Comment l’avez-vous découvert ?

J’ai un oncle et une tante, chez qui j’allais énormément, qui furent pour moi une ressource. Ils avaient beaucoup de livres de poésie et m’ont fait découvrir Beckett et surtout Rilke… C’est vraiment là où l’écriture, la langue, la mythologie de l’écrivain ont été déterminantes pour moi. Je vivais un deuil à l’époque, de sorte que Les Cahiers de Malte Laurids Brigge ont été un refuge très fort. Il y avait donc ces deux polarités : d’un côté, le théâtre, la musique, l’oralité, la scène et le collectif ; de l’autre côté, la poésie, une intériorité plus douloureuse et le dialogue avec la mort.

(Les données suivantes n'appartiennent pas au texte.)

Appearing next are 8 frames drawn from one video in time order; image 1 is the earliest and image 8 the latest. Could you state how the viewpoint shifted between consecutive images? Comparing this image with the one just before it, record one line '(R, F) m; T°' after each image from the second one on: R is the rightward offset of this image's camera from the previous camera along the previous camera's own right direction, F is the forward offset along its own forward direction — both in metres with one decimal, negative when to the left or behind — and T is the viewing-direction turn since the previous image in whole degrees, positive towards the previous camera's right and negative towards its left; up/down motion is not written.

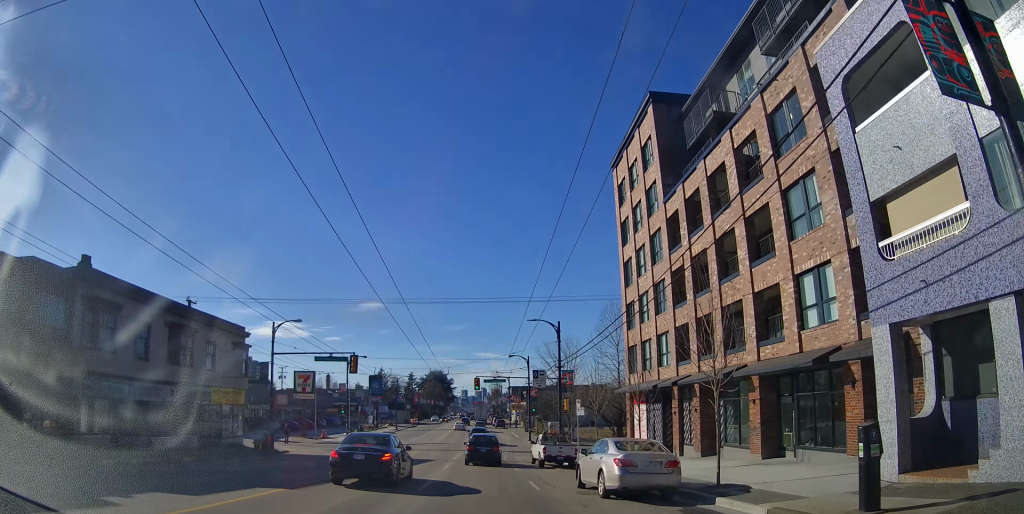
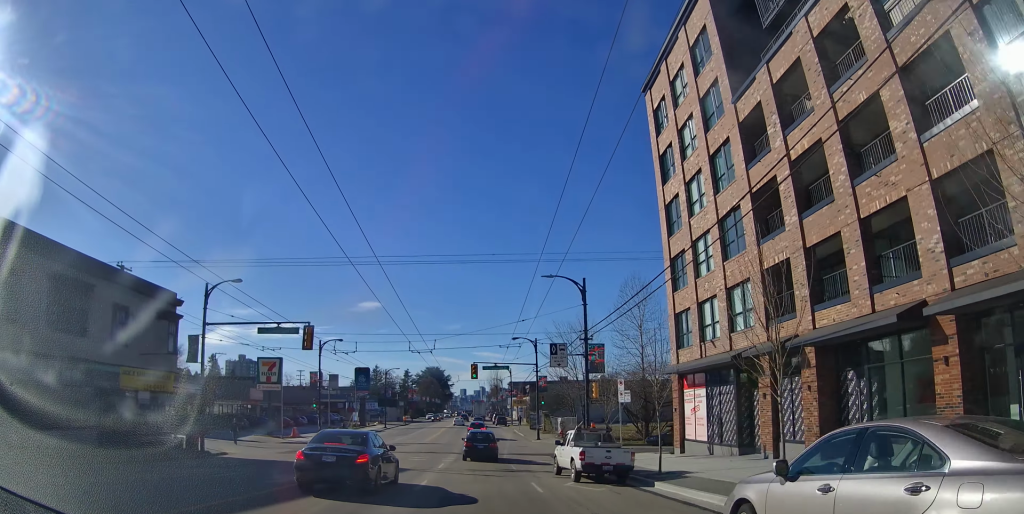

Le vivant et le mort, en somme…

Oui, et que je retrouve encore aujourd’hui dans ce que j’écris. J’ai une tension permanente, qui n’est pas toujours simple à gérer, entre l’envie d’être au milieu des autres acteurs, d’écrire pour ce moment-là, et en même temps ce besoin régulier de fuir, de se retrouver seul dans le moment de l’écriture. J’ai beaucoup de mal – intimement et non politiquement – avec l’écriture de plateau. Je ne conçois pas d’écriture qui ne soit pas un moment de plongée intérieure.

Quand avez-vous fait le choix de devenir dramaturge ?

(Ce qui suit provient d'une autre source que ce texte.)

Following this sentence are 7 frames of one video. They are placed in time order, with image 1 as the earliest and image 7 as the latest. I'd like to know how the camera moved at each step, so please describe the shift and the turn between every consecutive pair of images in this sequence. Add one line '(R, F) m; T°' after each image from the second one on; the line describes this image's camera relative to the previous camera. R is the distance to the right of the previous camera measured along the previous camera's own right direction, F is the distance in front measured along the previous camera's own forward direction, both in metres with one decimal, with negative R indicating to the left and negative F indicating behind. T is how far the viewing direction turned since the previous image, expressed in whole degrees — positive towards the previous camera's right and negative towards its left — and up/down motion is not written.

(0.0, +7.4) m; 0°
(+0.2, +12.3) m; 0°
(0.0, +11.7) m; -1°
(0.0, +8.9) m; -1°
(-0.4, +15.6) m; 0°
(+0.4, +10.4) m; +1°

Après des études en classes préparatoires, j’ai rejoint le conservatoire du huitième arrondissement de Paris. Une professeure m’a fait découvrir Strindberg, Ibsen et Maeterlinck… Ça a été une claque. Je suis complètement entré dans le théâtre : j’ai alors écrit ma toute première pièce, qu’on m’a conseillé de déposer à la SACD. J’étais d’une naïveté absolue : je pensais y rencontrer plein de gens bienveillants pouvant me faire des retours critiques sur mon texte, mais lorsque je suis arrivé, on m’a simplement demandé de payer pour faire protéger mon texte ! Mais c’est là que je suis tombé sur l’annonce d’Enzo Cormann annonçant l’ouverture du département d’écriture dramatique de l’ENSATT. Il restait une semaine avant d’envoyer le dossier ; j’ai envoyé mes textes et j’ai été pris. J’ai rencontré des gens qui m’ont vraiment ouvert sur la littérature : Enzo Cormann, Jean-Pierre Siméon, Pauline Sales, Fabrice Melquiot… des personnes pour qui l’écriture était vraiment tout. Je vivais enfin mon rêve d’arriver avec mes textes et de rencontrer d’autres écrivains pour échanger dessus. Ce fut une expérience très forte, plus littéraire que théâtrale ; je ne cessais de découvrir que l’espace de l’écriture dramatique était pleinement un espace littéraire, au point que la difficulté que je rencontrais parfois, c’était de m’immerger excessivement dans l’espace de l’écriture et de me couper ainsi des plateaux. C’est ce qui a déterminé le geste obsessionnel que j’ai eu depuis, qui était d’écrire des textes destinés toujours pour la scène. À la fin de l’ENSATT, j’ai rencontré Sabine Chevallier qui a commencé à publier mes textes chez Espaces 34 et qui répondait à ce que je cherchais : un théâtre branché sur la littérature, la poésie.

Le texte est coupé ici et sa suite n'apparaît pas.